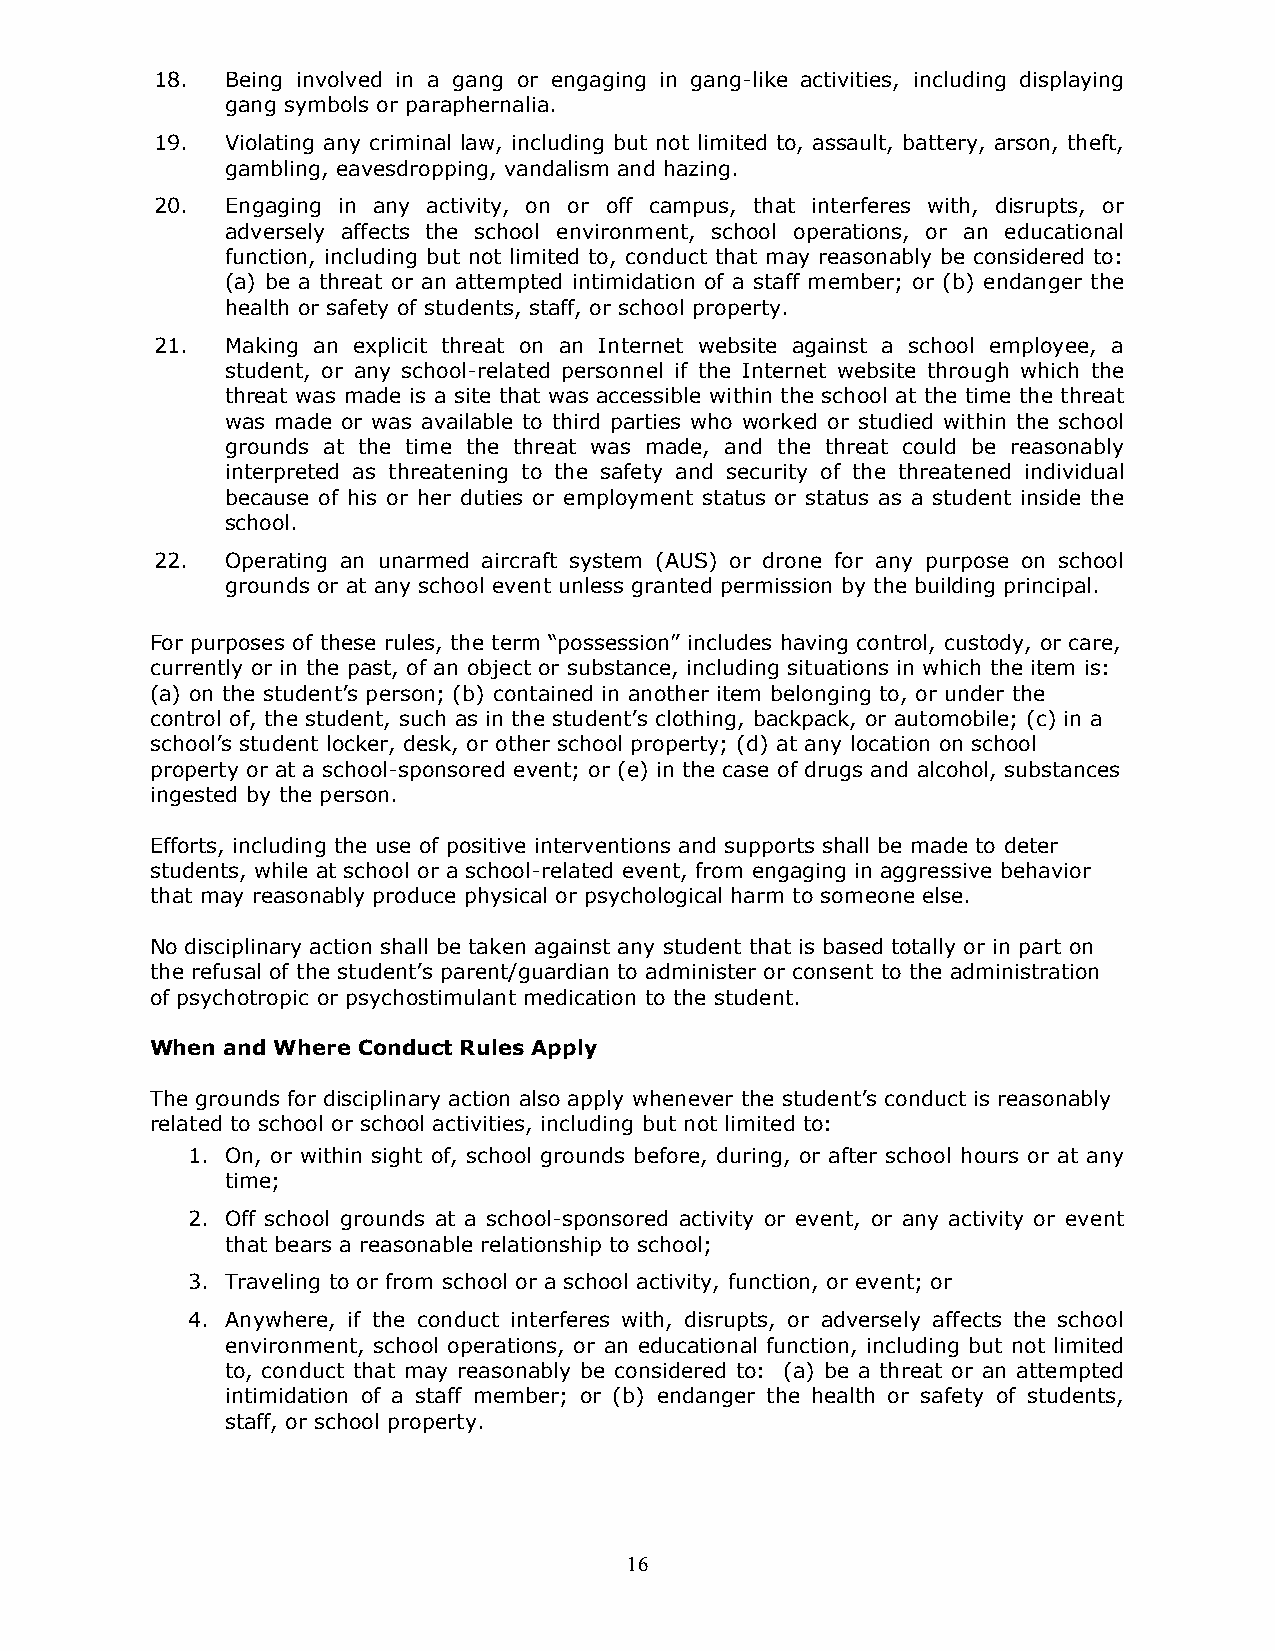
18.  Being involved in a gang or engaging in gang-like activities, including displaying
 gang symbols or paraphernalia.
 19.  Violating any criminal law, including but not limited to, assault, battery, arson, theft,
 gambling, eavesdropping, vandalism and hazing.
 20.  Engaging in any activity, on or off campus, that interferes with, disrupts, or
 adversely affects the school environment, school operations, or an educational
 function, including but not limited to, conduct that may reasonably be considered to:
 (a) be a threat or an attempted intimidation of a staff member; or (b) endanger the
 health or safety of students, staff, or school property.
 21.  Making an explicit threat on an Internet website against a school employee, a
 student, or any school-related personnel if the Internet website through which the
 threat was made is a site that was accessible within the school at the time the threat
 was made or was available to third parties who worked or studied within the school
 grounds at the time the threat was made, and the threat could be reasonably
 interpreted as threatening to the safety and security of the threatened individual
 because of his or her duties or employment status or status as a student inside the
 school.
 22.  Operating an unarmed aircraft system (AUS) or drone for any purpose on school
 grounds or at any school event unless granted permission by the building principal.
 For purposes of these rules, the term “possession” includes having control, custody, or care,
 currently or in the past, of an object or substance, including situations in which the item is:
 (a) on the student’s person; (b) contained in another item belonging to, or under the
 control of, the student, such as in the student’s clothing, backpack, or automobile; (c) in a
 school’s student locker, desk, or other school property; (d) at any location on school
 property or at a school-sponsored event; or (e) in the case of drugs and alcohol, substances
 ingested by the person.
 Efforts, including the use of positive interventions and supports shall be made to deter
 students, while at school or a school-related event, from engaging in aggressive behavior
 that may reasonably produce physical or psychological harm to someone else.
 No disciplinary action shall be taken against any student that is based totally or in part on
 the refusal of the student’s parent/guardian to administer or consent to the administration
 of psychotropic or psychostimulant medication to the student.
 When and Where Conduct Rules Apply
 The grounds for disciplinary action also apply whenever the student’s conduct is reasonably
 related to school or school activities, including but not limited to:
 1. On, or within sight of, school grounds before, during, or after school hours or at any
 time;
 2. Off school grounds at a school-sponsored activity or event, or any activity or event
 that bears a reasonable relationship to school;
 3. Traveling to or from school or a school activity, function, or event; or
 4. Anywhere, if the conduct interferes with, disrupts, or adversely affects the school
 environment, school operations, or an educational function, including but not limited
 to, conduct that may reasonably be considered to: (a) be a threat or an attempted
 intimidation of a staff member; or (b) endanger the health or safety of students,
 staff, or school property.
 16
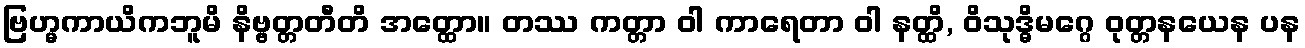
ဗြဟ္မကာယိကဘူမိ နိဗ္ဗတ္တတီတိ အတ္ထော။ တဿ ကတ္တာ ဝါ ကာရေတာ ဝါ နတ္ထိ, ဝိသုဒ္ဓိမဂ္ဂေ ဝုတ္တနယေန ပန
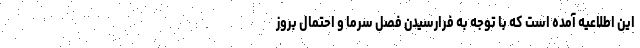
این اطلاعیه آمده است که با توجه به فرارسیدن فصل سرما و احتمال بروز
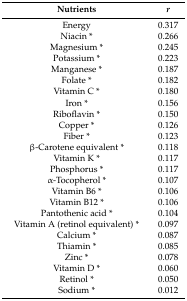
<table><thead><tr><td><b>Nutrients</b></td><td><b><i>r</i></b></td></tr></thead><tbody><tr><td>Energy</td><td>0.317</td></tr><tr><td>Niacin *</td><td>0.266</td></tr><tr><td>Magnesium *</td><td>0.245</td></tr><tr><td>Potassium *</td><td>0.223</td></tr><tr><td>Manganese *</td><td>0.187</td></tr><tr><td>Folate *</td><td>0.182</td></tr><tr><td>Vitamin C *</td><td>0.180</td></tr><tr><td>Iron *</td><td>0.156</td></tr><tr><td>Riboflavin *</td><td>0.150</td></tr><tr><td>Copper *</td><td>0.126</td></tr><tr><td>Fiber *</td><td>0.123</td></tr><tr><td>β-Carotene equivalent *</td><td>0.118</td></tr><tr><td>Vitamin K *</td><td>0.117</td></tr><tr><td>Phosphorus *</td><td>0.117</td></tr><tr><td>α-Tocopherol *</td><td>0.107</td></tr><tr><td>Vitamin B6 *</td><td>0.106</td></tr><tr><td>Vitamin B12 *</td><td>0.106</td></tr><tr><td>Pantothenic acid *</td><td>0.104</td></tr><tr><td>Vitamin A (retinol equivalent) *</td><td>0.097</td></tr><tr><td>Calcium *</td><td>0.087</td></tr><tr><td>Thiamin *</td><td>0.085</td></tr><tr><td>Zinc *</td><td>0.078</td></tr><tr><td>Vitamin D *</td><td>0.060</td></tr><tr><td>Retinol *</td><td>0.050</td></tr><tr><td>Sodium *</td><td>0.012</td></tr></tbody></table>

=======

#### [ASSIGNMENT]
Only the lines from the top of the data through the line with "gambling, eavesdropping, vandalism" should be quoted, exactly and with both ends kept; skip the pictures.

#### [YOUR SOLUTION]
18.  Being involved in a gang or engaging in gang-like activities, including displaying
 gang symbols or paraphernalia.
 19.  Violating any criminal law, including but not limited to, assault, battery, arson, theft,
 gambling, eavesdropping, vandalism and hazing.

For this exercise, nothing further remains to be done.